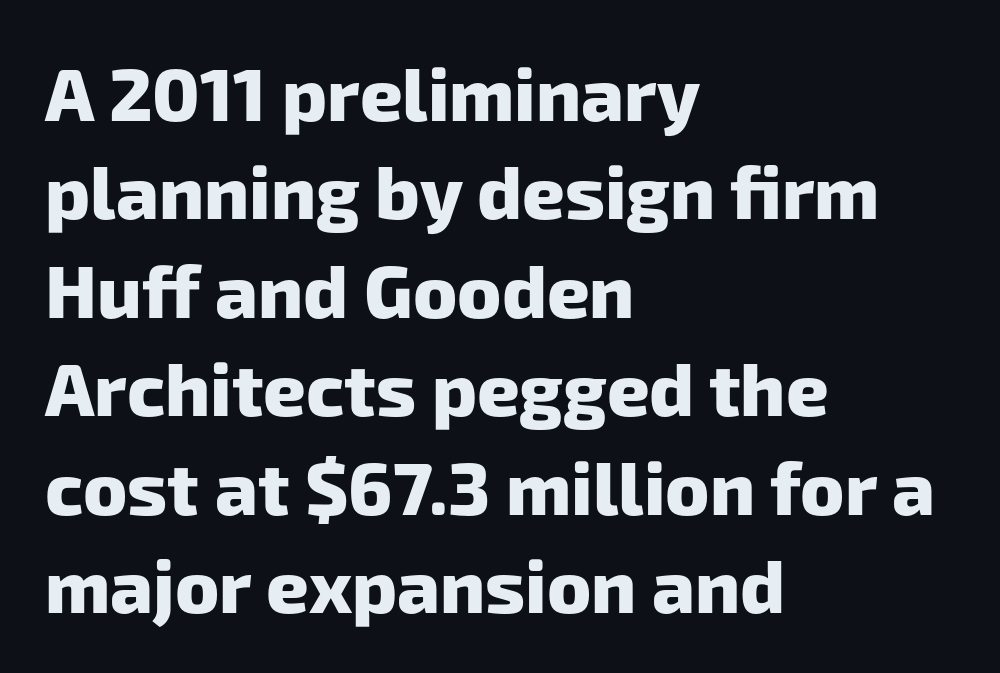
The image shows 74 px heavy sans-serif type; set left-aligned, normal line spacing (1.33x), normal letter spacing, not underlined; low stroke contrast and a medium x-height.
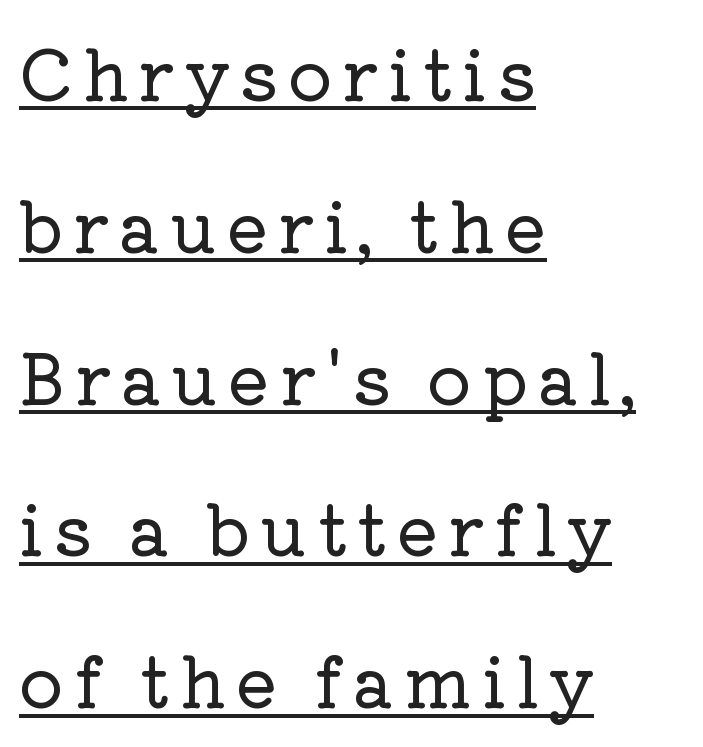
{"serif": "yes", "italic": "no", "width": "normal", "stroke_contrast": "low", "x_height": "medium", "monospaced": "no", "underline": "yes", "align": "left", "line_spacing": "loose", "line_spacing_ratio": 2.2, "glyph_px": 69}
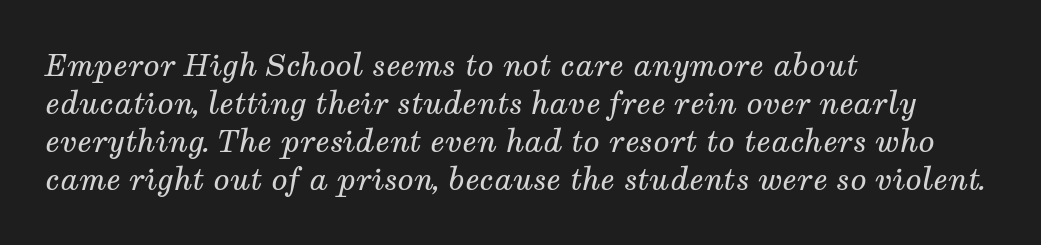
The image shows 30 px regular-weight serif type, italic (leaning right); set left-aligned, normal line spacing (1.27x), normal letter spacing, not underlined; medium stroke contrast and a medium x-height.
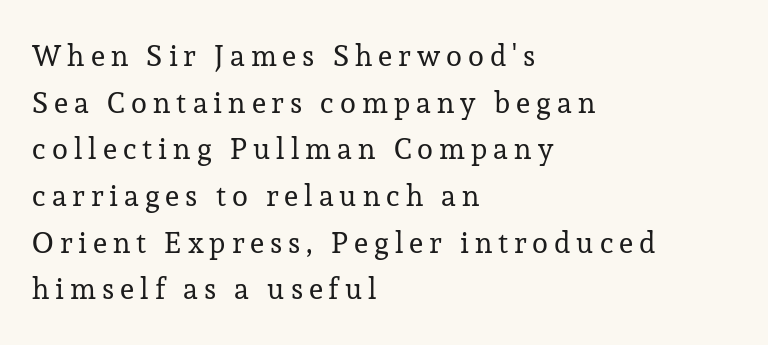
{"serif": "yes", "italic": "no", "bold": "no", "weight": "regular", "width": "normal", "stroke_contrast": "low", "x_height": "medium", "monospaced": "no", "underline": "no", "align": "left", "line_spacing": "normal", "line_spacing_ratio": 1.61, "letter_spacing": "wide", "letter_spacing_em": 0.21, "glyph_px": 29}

* * *

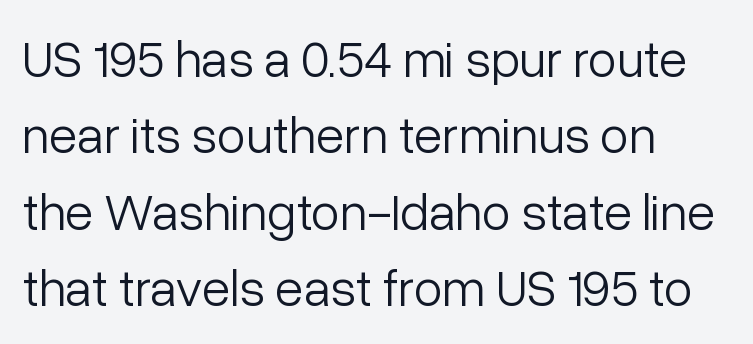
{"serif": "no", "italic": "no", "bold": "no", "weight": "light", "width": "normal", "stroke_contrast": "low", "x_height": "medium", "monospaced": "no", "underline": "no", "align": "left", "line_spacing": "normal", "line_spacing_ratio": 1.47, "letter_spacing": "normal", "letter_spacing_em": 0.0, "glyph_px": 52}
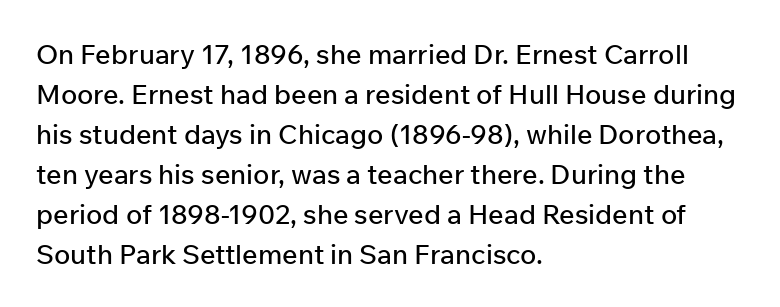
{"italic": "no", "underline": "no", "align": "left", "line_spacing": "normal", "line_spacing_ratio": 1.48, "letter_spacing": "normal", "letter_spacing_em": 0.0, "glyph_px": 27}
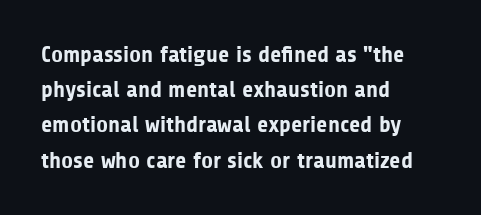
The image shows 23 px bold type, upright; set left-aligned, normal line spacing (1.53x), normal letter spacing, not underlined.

Your task —
Nothing but the lines above from the one that has "The image shows 74" down to the one that has "The image shows 30" belongs in the answer, copied exactly, without pictures.

Written answer —
The image shows 74 px heavy sans-serif type; set left-aligned, normal line spacing (1.33x), normal letter spacing, not underlined; low stroke contrast and a medium x-height.
{"serif": "yes", "italic": "no", "width": "normal", "stroke_contrast": "low", "x_height": "medium", "monospaced": "no", "underline": "yes", "align": "left", "line_spacing": "loose", "line_spacing_ratio": 2.2, "glyph_px": 69}
The image shows 30 px regular-weight serif type, italic (leaning right); set left-aligned, normal line spacing (1.27x), normal letter spacing, not underlined; medium stroke contrast and a medium x-height.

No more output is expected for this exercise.